Москва / Modern Moscow. История культуры в рассказах и диалогах (Волков) - страница 191

Инсайдеры утверждали, что этого добились Шостакович и Гилельс, поддержанные влиятельными чиновниками из партийного аппарата. Но среди публики закрепилась легенда, что решающим оказалось мнение участвовавшего в работе жюри (наряду с Нейгаузом) Рихтера – ведь он поставил Клиберну двадцать пять баллов из возможных десяти!

На следующем конкурсе имени Чайковского, в 1962 году, Рихтера в состав жюри уже не включили, а Гилельса вновь утвердили его председателем. Председателем он остался и в 1966 году. И тут разыгрался скандал, тяжело подействовавший на Гилельса. Победителем жюри признало не фаворита московских меломанов Мишу Дихтера, еще одного ученика Розины Левиной, а юного ленинградца Григория Соколова.

Дальнейшая творческая судьба Соколова подтвердила законность такого решения. Но в тот момент москвичи негодовали. Журналистка Надежда Кожевникова позднее объясняла: “У советских людей не было ни свободы слова, ни свободы демонстраций – у них был только конкурс Чайковского”. Свое возмущение властью публика вымещала на Гилельсе. Его оскорбляли на улице, кричали ему: “Позор!”, машину его обливали помоями…

* * *

Все это отражало изменения в общественной атмосфере Советского Союза, затронувшие и лично Гилельса. В интеллигентской среде вошла в моду некоторая фронда по отношению к властям. В этой атмосфере любые проявления свободомыслия и творческой независимости встречали сочувственный отклик. И наоборот, репутация “любимца режима” могла навредить в глазах публики.

Именно такая динамика сработала в негласном соревновании между Гилельсом и Рихтером. Получив после долгих и унизительных запретов разрешение выезжать в гастрольные поездки на Запад, Рихтер завоевал там огромный авторитет. Внутри страны Рихтер стал культовой фигурой – не только как великий пианист, но и как символ скрытой оппозиции властям. В отличие от Гилельса, он не вступил в Коммунистическую партию, не занимал никаких общественных постов, даже не преподавал в Московской консерватории, многолетним профессором которой являлся Гилельс. И никто не обращал внимания на тот факт, что когда дело доходило до высших государственных наград – Ленинской премии или звания Героя Социалистического Труда, – то Рихтеру они доставались раньше, чем Гилельсу, а в то время это считалось важным знаком.
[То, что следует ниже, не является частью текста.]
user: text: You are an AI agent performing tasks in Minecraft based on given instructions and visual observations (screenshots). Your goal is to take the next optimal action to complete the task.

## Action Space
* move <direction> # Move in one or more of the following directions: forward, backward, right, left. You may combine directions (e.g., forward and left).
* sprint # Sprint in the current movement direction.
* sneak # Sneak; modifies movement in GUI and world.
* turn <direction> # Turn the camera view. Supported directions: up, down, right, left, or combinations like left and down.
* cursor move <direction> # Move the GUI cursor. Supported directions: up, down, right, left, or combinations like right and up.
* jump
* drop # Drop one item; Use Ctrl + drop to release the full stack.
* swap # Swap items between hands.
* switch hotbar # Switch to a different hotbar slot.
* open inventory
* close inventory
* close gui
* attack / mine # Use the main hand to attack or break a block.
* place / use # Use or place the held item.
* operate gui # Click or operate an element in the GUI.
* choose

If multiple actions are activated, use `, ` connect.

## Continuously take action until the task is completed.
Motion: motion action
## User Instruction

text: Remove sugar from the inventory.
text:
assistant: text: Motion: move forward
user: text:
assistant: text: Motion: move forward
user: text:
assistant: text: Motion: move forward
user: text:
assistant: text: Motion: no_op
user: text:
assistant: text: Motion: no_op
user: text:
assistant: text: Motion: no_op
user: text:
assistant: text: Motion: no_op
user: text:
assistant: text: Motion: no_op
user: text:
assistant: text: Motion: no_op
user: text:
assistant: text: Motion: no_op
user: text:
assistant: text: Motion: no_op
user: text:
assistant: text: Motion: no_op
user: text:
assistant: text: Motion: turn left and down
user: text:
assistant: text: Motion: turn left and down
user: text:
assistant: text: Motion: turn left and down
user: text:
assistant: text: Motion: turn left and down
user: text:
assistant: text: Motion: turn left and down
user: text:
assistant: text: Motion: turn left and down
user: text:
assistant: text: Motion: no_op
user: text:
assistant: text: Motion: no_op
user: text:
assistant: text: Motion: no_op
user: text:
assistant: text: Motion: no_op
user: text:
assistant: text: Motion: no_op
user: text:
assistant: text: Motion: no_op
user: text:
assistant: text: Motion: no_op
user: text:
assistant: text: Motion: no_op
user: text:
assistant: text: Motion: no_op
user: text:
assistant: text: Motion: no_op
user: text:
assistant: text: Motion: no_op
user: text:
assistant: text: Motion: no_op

Начиная с 1960-х, Рихтер царил в культурном ландшафте страны, а к Гилельсу, несмотря на внешнюю почтительность откликов в прессе, относились всё более сдержанно и холодно. Несправедливость этого ощутил даже Нейгауз. После многих лет взаимного отчуждения он внезапно отправил Гилельсу эмоциональное письмо (от 11 января 1964 года): “Ты был настолько значительным событием в моей жизни, что поневоле думаю и вспоминаю о Тебе чуть ли не ежедневно. Попросту: я Тебя люблю и скучаю, когда месяцами или даже годами не вижу Тебя… Мне ведь, по-видимому, недолго осталось маяться в этой «юдоли», и поэтому так ужасно хочется мира и дружбы”.